Supply & Availability

  • Why can’t OSF just buy more COVID-19 vaccines to administer to patients?

  • The COVID-19 vaccines were purchased by the federal government and are distributed to states and local health departments. During flu season or with the shingles, for example, OSF can purchase additional vaccines when supplies run out. This is not the case with the COVID-19 vaccine.

    OSF is just the vehicle to administer COVID-19 vaccinations and can only use the supply it is allocated by the states and local health departments. It also must adhere to the guidelines set forth by the states and local health departments on what members of the population are eligible to receive the vaccine and at what point their eligibility begins.

  • Can I put my name on a wait list?

  • Right now, we are unable to create a wait list for COVID-19 vaccinations.

    We are working hard at OSF HealthCare to prepare for public COVID-19 vaccinations when the health departments give us the go-ahead. We will keep the public informed when we are able to begin vaccinations at our health care locations.

    We encourage you to sign up for OSF MyChart if you don’t already have an account. OSF MyChart gives you easy access to tools to manage your health.

    You can log in on your computer or download the MyChart app to schedule appointments, view test results and send messages your OSF HealthCare provider.

  • Do the OSF retail pharmacies offer the COVID-19 vaccine?
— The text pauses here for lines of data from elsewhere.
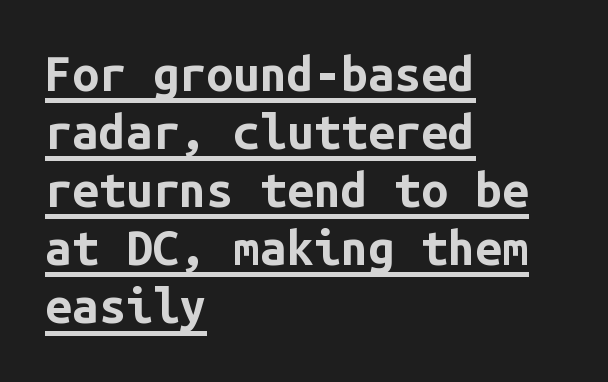
The image shows 48 px bold sans-serif type, upright, monospaced; set left-aligned, line spacing 1.21x, normal letter spacing, underlined; low stroke contrast and a medium x-height.
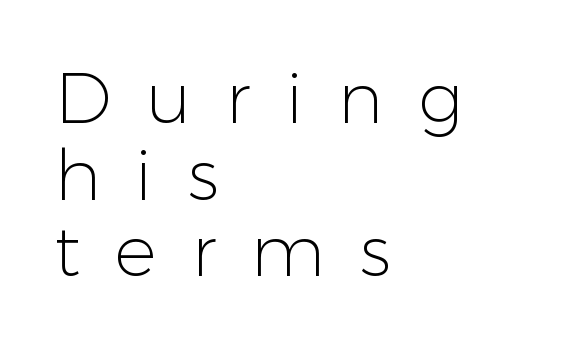
Q: Is the text bold? A: No.
Q: Is the text italic (slanted)? A: No, it is upright.
Q: Is the typeface a serif or a sans-serif typeface? A: Sans-serif.
Q: Is the text underlined? A: No.
Q: How is the paragraph aligned? A: Left-aligned.
Q: Is the spacing between letters normal or unusually wide? A: Unusually wide.
Q: Is the spacing between lines tight, normal or loose? A: Tight.
Q: Width (condensed, normal, or wide)? A: Normal.
Q: Stroke contrast? A: Low.
Q: x-height? A: Medium.
Q: Monospaced? A: No.
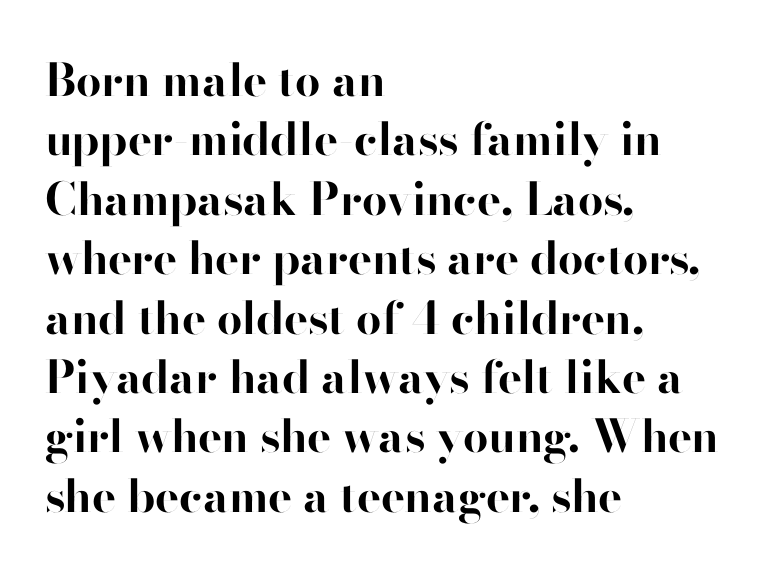
{"serif": "no", "italic": "no", "bold": "yes", "weight": "bold", "width": "normal", "stroke_contrast": "high", "x_height": "small", "monospaced": "no", "underline": "no", "align": "left", "line_spacing": "normal", "line_spacing_ratio": 1.32, "letter_spacing": "normal", "letter_spacing_em": 0.0, "glyph_px": 45}
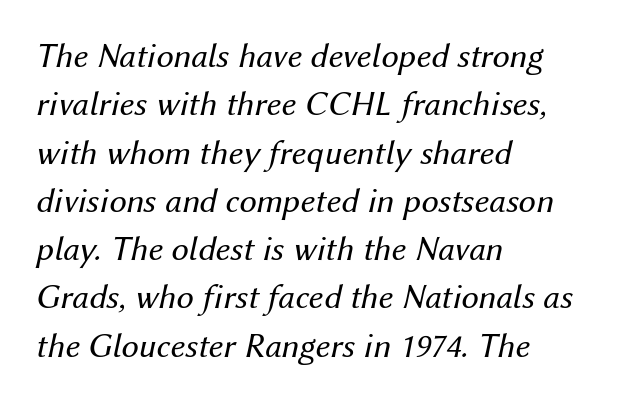
Q: Is the text bold? A: No.
Q: Is the text italic (slanted)? A: Yes, it leans right by about 12 degrees.
Q: Is the text underlined? A: No.
Q: How is the paragraph aligned? A: Left-aligned.
Q: Is the spacing between letters normal or unusually wide? A: Normal.
Q: Is the spacing between lines tight, normal or loose? A: Normal.
Q: Width (condensed, normal, or wide)? A: Normal.
Q: Stroke contrast? A: Medium.
Q: x-height? A: Medium.
Q: Monospaced? A: No.
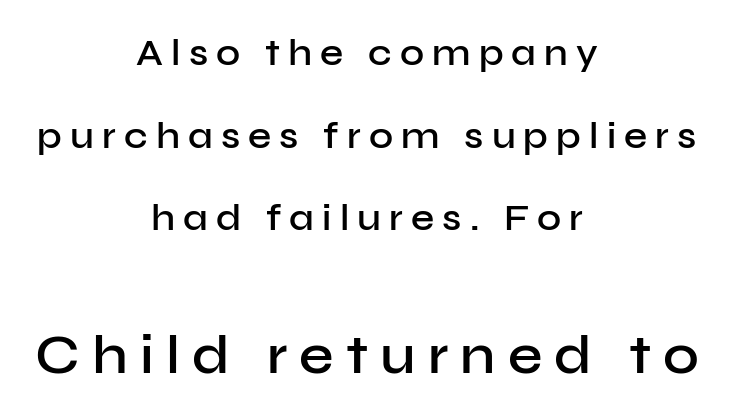
{"serif": "no", "italic": "no", "bold": "semi", "weight": "semibold", "width": "normal", "stroke_contrast": "low", "x_height": "medium", "monospaced": "no", "underline": "no", "align": "center", "line_spacing": "loose", "line_spacing_ratio": 2.23, "letter_spacing": "wide", "letter_spacing_em": 0.22, "larger_block": "second", "size_ratio": 1.49, "glyph_px": 55}
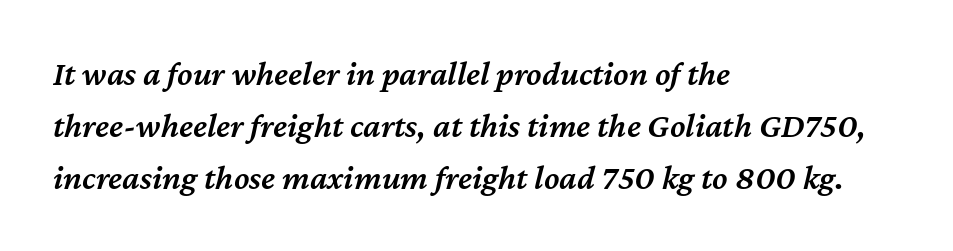
{"italic": "yes", "lean": "right", "slant_degrees": 12, "bold": "semi", "weight": "semibold", "width": "normal", "stroke_contrast": "medium", "x_height": "medium", "monospaced": "no", "underline": "no", "align": "left", "line_spacing": "normal", "line_spacing_ratio": 1.49, "letter_spacing": "normal", "letter_spacing_em": 0.0, "glyph_px": 35}
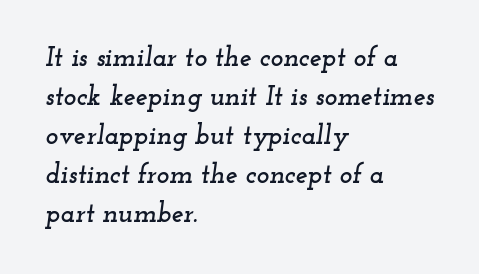
Q: Is the text italic (slanted)? A: Yes, it leans right by about 12 degrees.
Q: Is the text underlined? A: No.
Q: How is the paragraph aligned? A: Left-aligned.
Q: Is the spacing between letters normal or unusually wide? A: Normal.
Q: Is the spacing between lines tight, normal or loose? A: Normal.
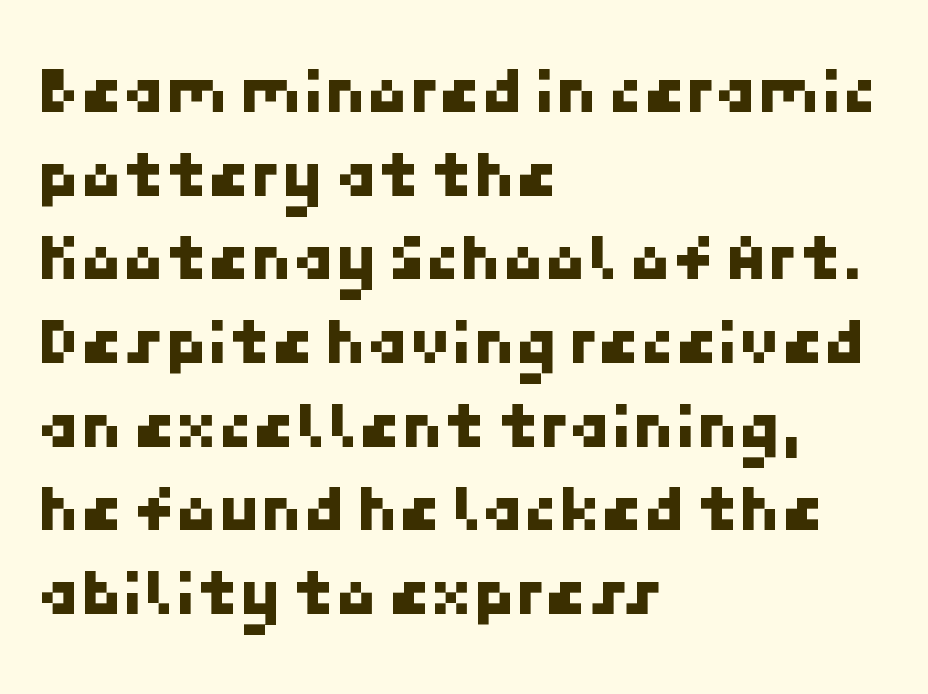
Just letters on the line, the space beneath them empty. Layout note: lines flush left. Regarding serifs, this sample does without them. There is no visible air inserted between adjacent glyphs.
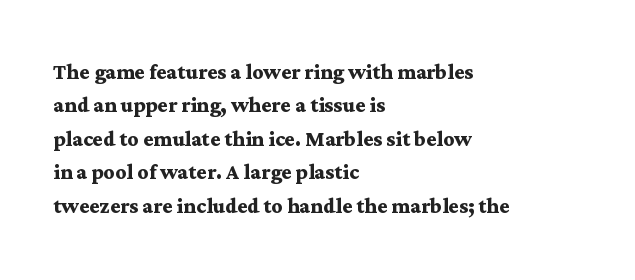
Q: Is the text bold? A: Yes.
Q: Is the text italic (slanted)? A: No, it is upright.
Q: Is the text underlined? A: No.
Q: How is the paragraph aligned? A: Left-aligned.
Q: Is the spacing between letters normal or unusually wide? A: Normal.
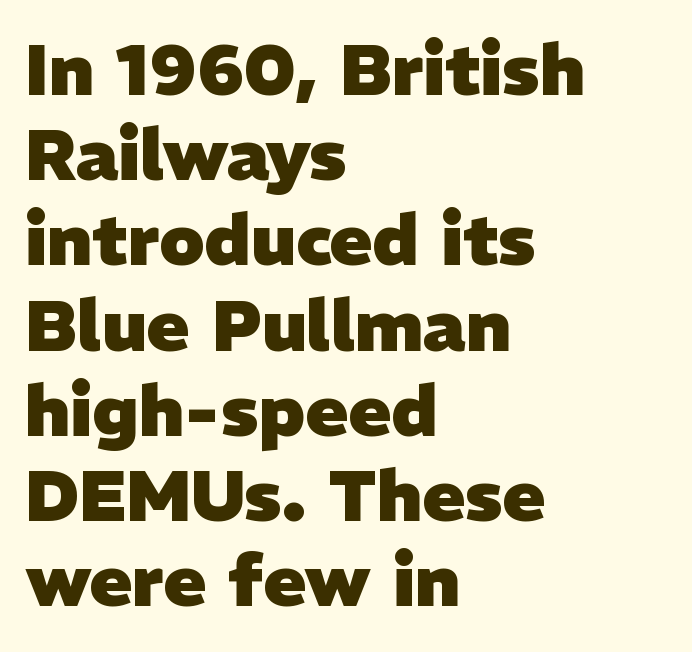
Lines of text with bare space underneath. Casual observation: everything's shoved over to the left. A typesetter would call this zero additional tracking. Its strokes are broad and dark, the hallmark of bold type. Serifs: no, the terminals of the letterforms are clean.
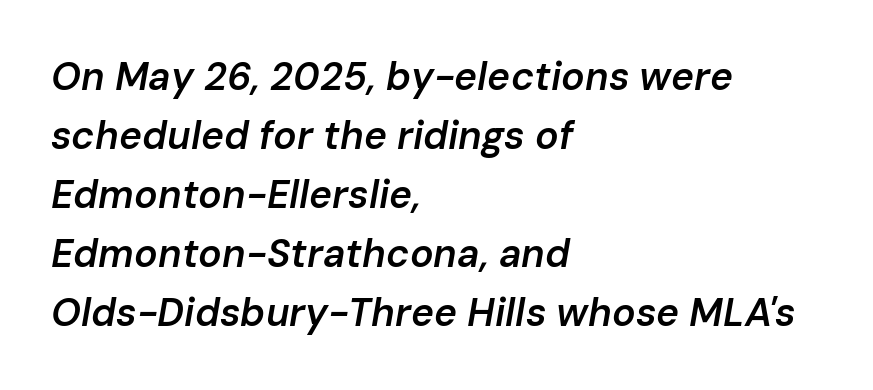
The image shows 39 px semibold type, italic (leaning right); set left-aligned, normal line spacing (1.51x), normal letter spacing, not underlined; low stroke contrast and a medium x-height.
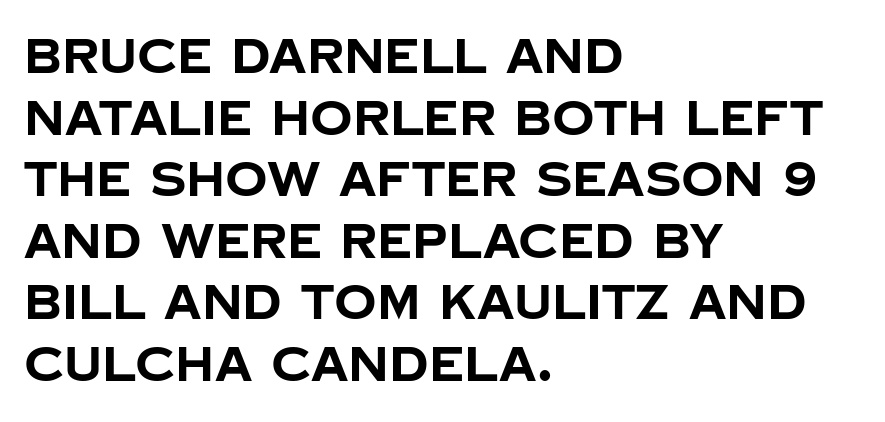
Q: Is the text bold? A: Yes.
Q: Is the text italic (slanted)? A: No, it is upright.
Q: Is the typeface a serif or a sans-serif typeface? A: Sans-serif.
Q: Is the text underlined? A: No.
Q: How is the paragraph aligned? A: Left-aligned.
Q: Is the spacing between letters normal or unusually wide? A: Normal.
Q: Is the spacing between lines tight, normal or loose? A: Normal.
Q: Width (condensed, normal, or wide)? A: Normal.
Q: Stroke contrast? A: Low.
Q: x-height? A: Large.
Q: Monospaced? A: No.
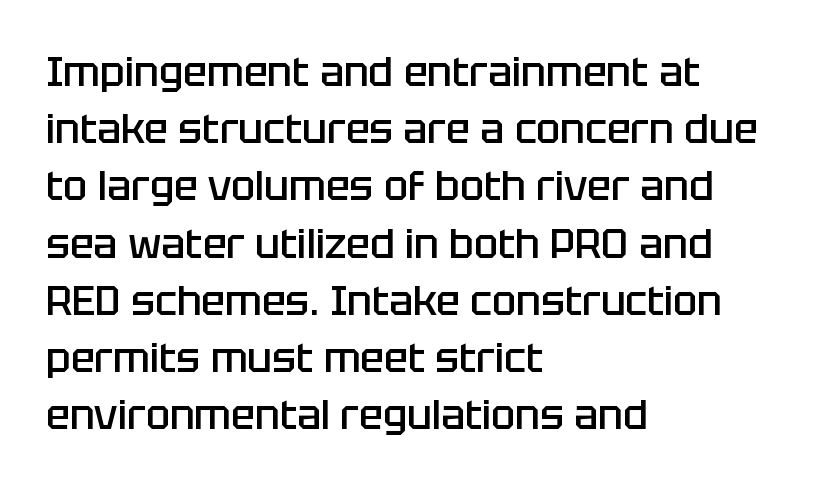
The image shows 40 px semibold sans-serif type, upright; set left-aligned, normal line spacing (1.43x), normal letter spacing, not underlined; low stroke contrast and a large x-height.
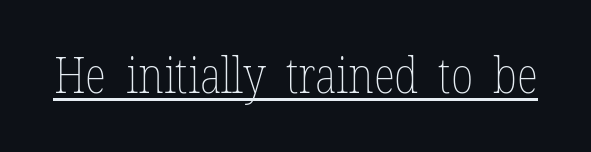
The image shows 50 px thin, condensed type, upright; set normal letter spacing, underlined; low stroke contrast and a medium x-height.
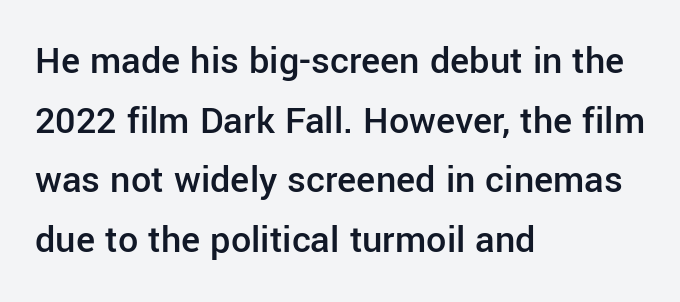
Q: Is the text bold? A: Semi-bold.
Q: Is the text italic (slanted)? A: No, it is upright.
Q: Is the typeface a serif or a sans-serif typeface? A: Sans-serif.
Q: Is the text underlined? A: No.
Q: How is the paragraph aligned? A: Left-aligned.
Q: Is the spacing between letters normal or unusually wide? A: Normal.
Q: Is the spacing between lines tight, normal or loose? A: Normal.
Q: Width (condensed, normal, or wide)? A: Normal.
Q: Stroke contrast? A: Low.
Q: x-height? A: Medium.
Q: Monospaced? A: No.
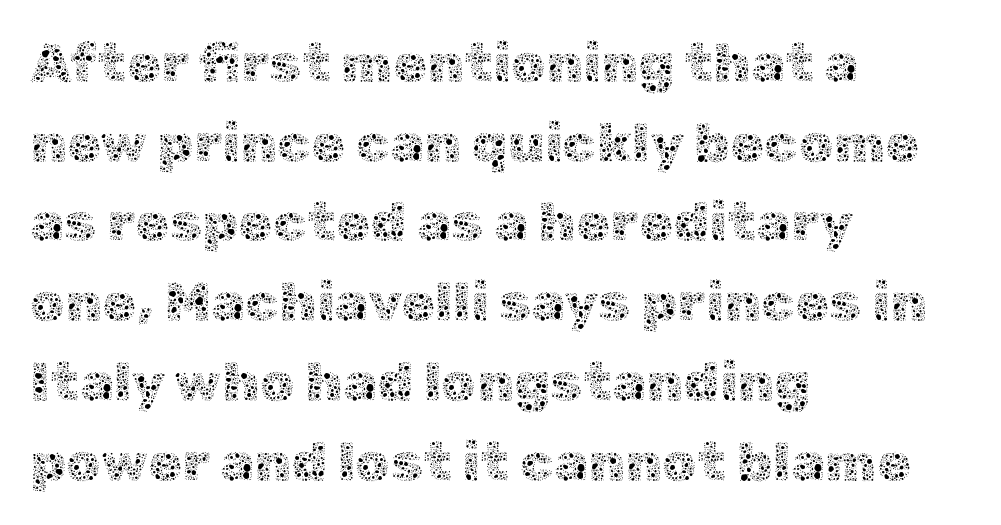
Q: Is the text bold? A: No.
Q: Is the text italic (slanted)? A: No, it is upright.
Q: Is the text underlined? A: No.
Q: How is the paragraph aligned? A: Left-aligned.
Q: Is the spacing between letters normal or unusually wide? A: Normal.
Q: Is the spacing between lines tight, normal or loose? A: Normal.
Q: Width (condensed, normal, or wide)? A: Normal.
Q: x-height? A: Medium.
Q: Monospaced? A: No.
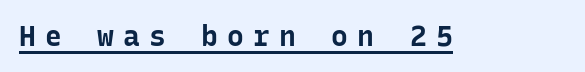
Here the designer chose a console-style face with uniform glyph widths. You can tell from the bare stems that sans-serif type was used. The typography opts for an upright posture over an oblique one. The passage shown is underscored from start to finish. Here the glyphs are tracked loosely, breaking word shapes into spaced letters. Does the weight exceed regular? Yes, all the way to bold.
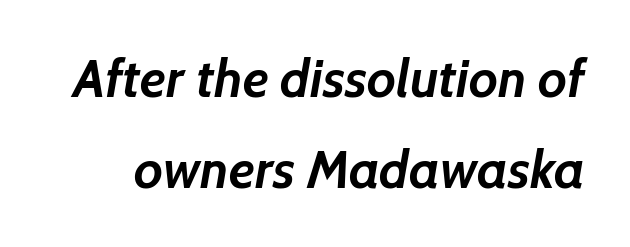
Standard letterfit; no display-style spreading of the glyphs. Think of a printed novel: that variable character pitch is what you see here. Look at the bottom of the vertical strokes: they stop flat, with no serifs. A bare baseline throughout the passage. Compared with an ordinary text face, these strokes are far heavier — a full bold.
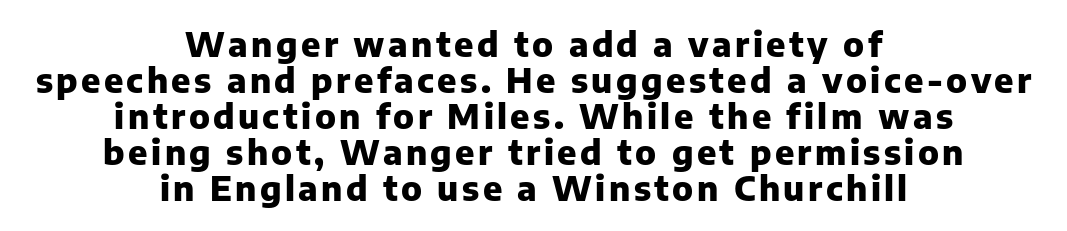
{"serif": "no", "italic": "no", "bold": "yes", "weight": "heavy", "width": "normal", "stroke_contrast": "low", "x_height": "medium", "monospaced": "no", "underline": "no", "align": "center", "line_spacing": "tight", "line_spacing_ratio": 1.06, "glyph_px": 34}

  • At this time, the OSF Pharmacy locations do not offer a vaccination program. Other retail pharmacies are beginning to receive COVID-19 vaccine for administering to the public. Administering vaccines is not a new service for retail pharmacies, as they offer a variety of adult vaccine programs. While we encourage our patients to seek out a vaccination through OSF when possible, getting vaccinated is the main goal and having more locations to provide vaccinations gives people more opportunity to do that.

  • I have a chronic disease and am 65 years old, but I haven’t been contacted about getting the vaccine. Why not?

  • OSF is prioritizing patients 65 and older who have chronic conditions that put them at a higher risk of serious illness from COVID-19.

    As part of the prioritization, in some regions where OSF is holding vaccine clinics, we are looking at patients’ health histories to determine how many chronic conditions (comorbidities) an individual has.

    Patients with numerous comorbidities are prioritized over those who may just have one existing chronic condition.

  • Can 16- and 17-year-olds get vaccinated?

  • Yes, 16- and 17-year-olds with health complications are able to be vaccinated. In some counties, anyone age 16-plus can be vaccinated.

    For 16- and 17-year-olds, they currently can only receive the two-dose Pfizer vaccine as it is the only vaccine authorized by the FDA to be administered to individuals under age 18. Moderna and Johnson & Johnson have approval for use in individuals 18 and older.

    Clinical trials are underway by all three companies to study the use in children of younger ages.

I'm Not Sure I Qualify

  • Who should not receive a COVID-19 vaccine?

  • The FDA has not authorized a COVID-19 vaccine for children under the age of 16.

    You should not proceed with a COVID-19 vaccine if you:

    • Have received any other immunization in the last 14 days
    • Have received monoclonal antibodies or convalescent plasma in the last 90 days
    • Are currently experiencing symptoms associated with COVID-19, such as a cough, fever or headache
    • Have experienced anaphylaxis (a severe allergic reaction) to a COVID-19 vaccine or any ingredient in the vaccines
    Talk with your doctor if you:
    • Are pregnant or breastfeeding
    • Have a compromised immune system due to a health condition or treatment
  • Can I get the vaccine if I’ve previously received passive antibody therapy for the treatment of COVID-19?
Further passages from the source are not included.